El libro, un ejemplar del cual fue obtenido por el Washington Post antes de la fecha de lanzamiento del 8 de febrero, cubre toda la vida de Rumsfeld, incluyendo sus periodos en el gobierno y su larga carrera como hombre de negocios. Pero más del sesenta por ciento del libro gira sobre sus polémicos años como ministro de Defensa de Bush.
En un largo capítulo sobre el trato que daba el gobierno a los detenidos en tiempos de guerra, Rumsfeld lamenta no haber renunciado a su puesto en mayo de 2004, después de las revelaciones que provocaron el escándalo de la cárcel Abu Ghraib. En esos momentos, Bush rechazó sus dos cartas de renuncia, con cinco días de diferencia. Pasaron otros dos años y medio antes de que Bush, obligado por la derrota de los republicanos en el Congreso, decidiera dejarlo marchar.
"Retrospectivamente, veo que hay cosas que el gobierno pudo haber hecho de otro modo y mejor con respecto a los detenidos en tiempos de guerra", reconoce Rumsfeld.

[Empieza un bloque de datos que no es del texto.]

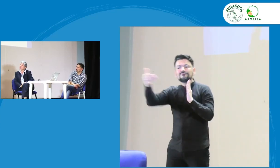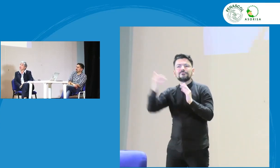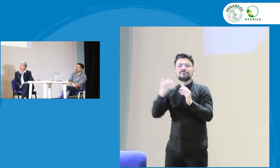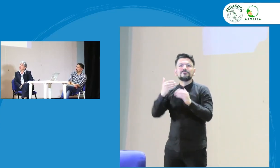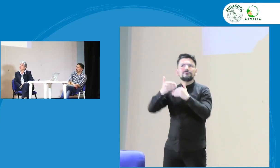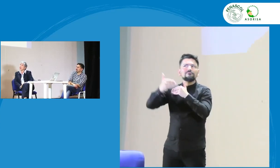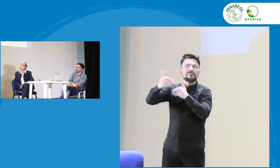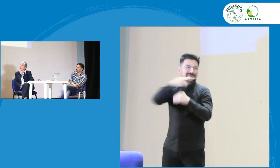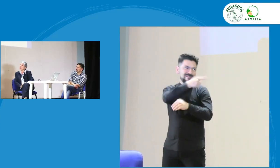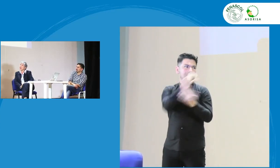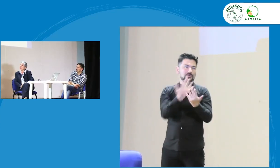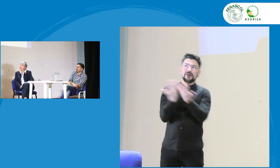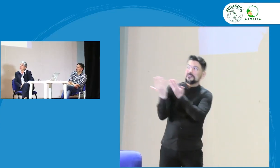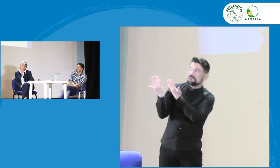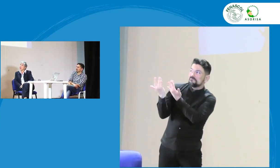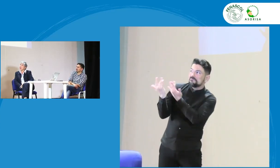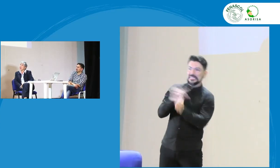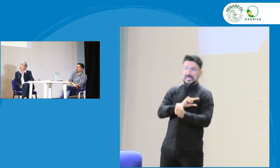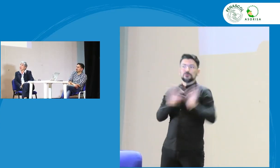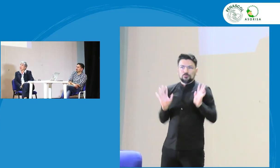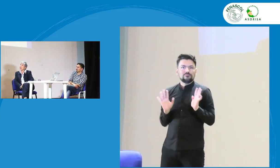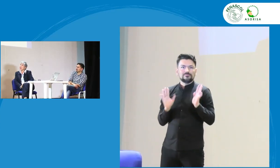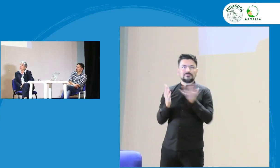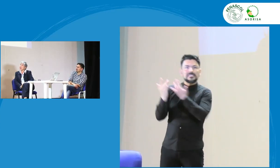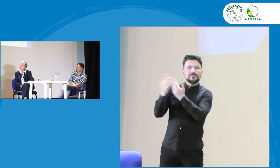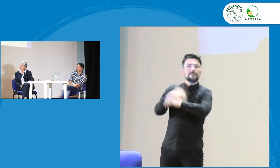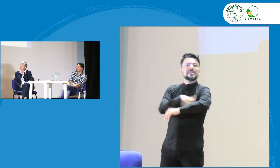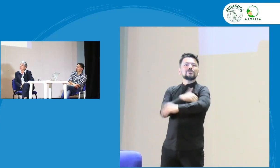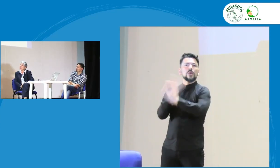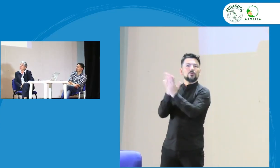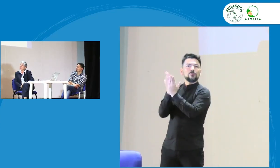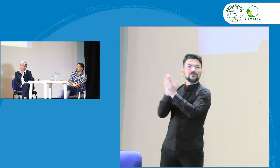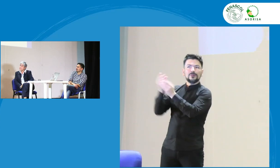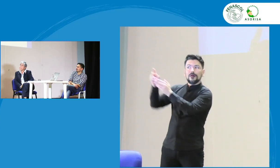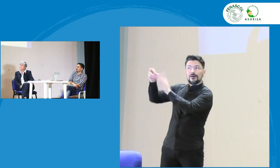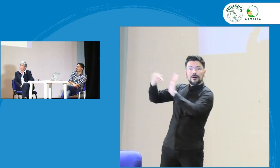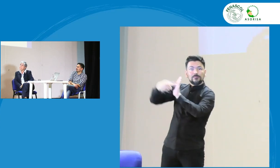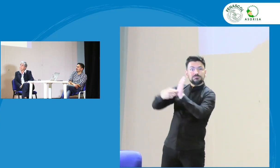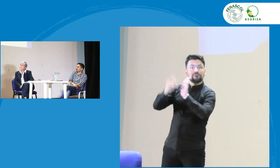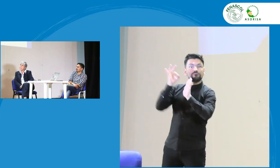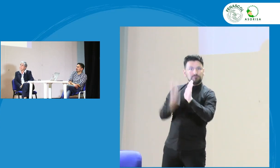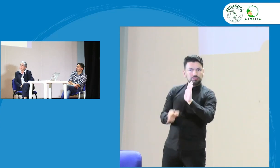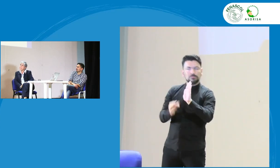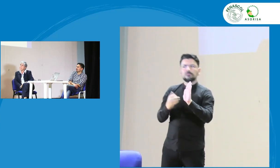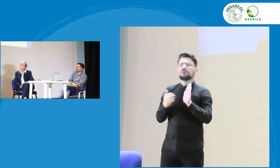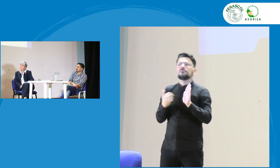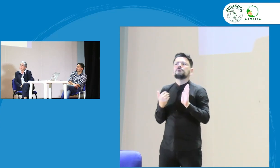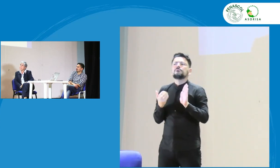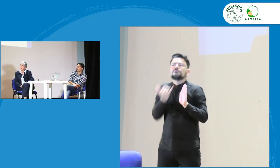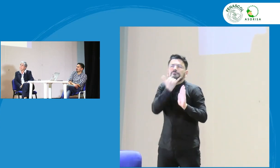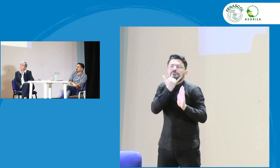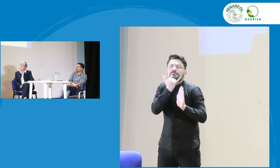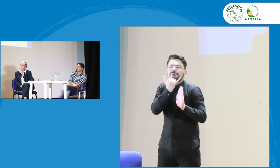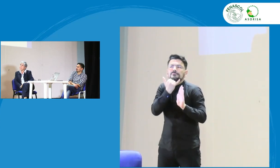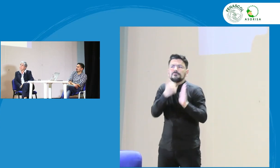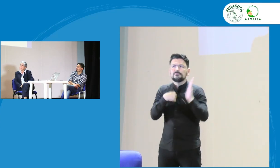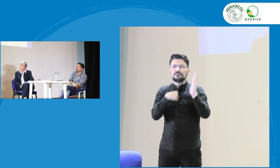No sé, estamos, bueno, a la espera del Ministerio de Educación, para tomar decisiones con respecto a la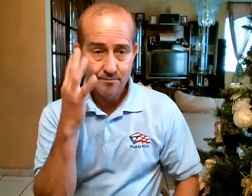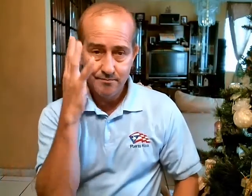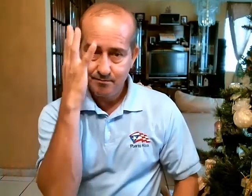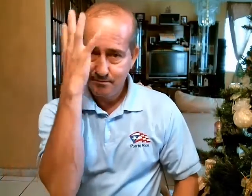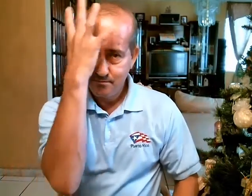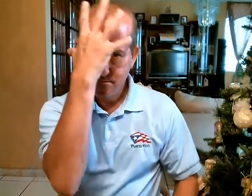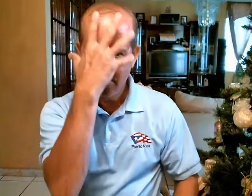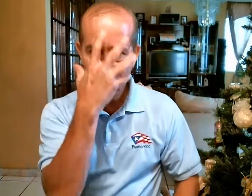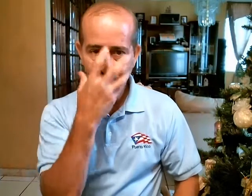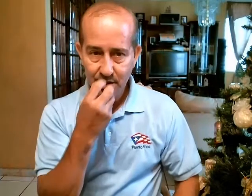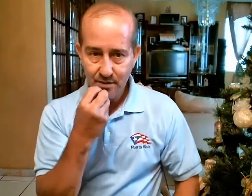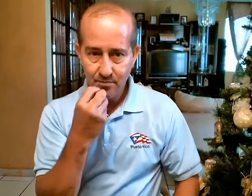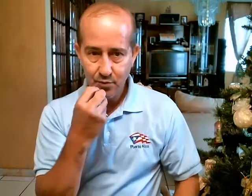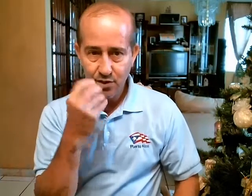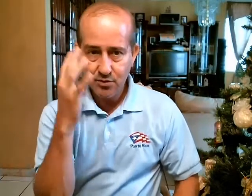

Rumsfeld argumenta que el gobierno se equivocó en concentrarse tanto en la mantención de las atribuciones presidenciales que inicialmente evitó negociar con el Congreso sobre cómo tratar a los prisioneros. Un importante proponente de esta estrategia, observa Rumsfeld, fue el ex vicepresidente Dick Cheney, un amigo de toda la vida. Rumsfeld dice que habría sido mejor ganar el apoyo del Congreso pidiéndole intervenir en la redacción de una ley sobre los prisioneros.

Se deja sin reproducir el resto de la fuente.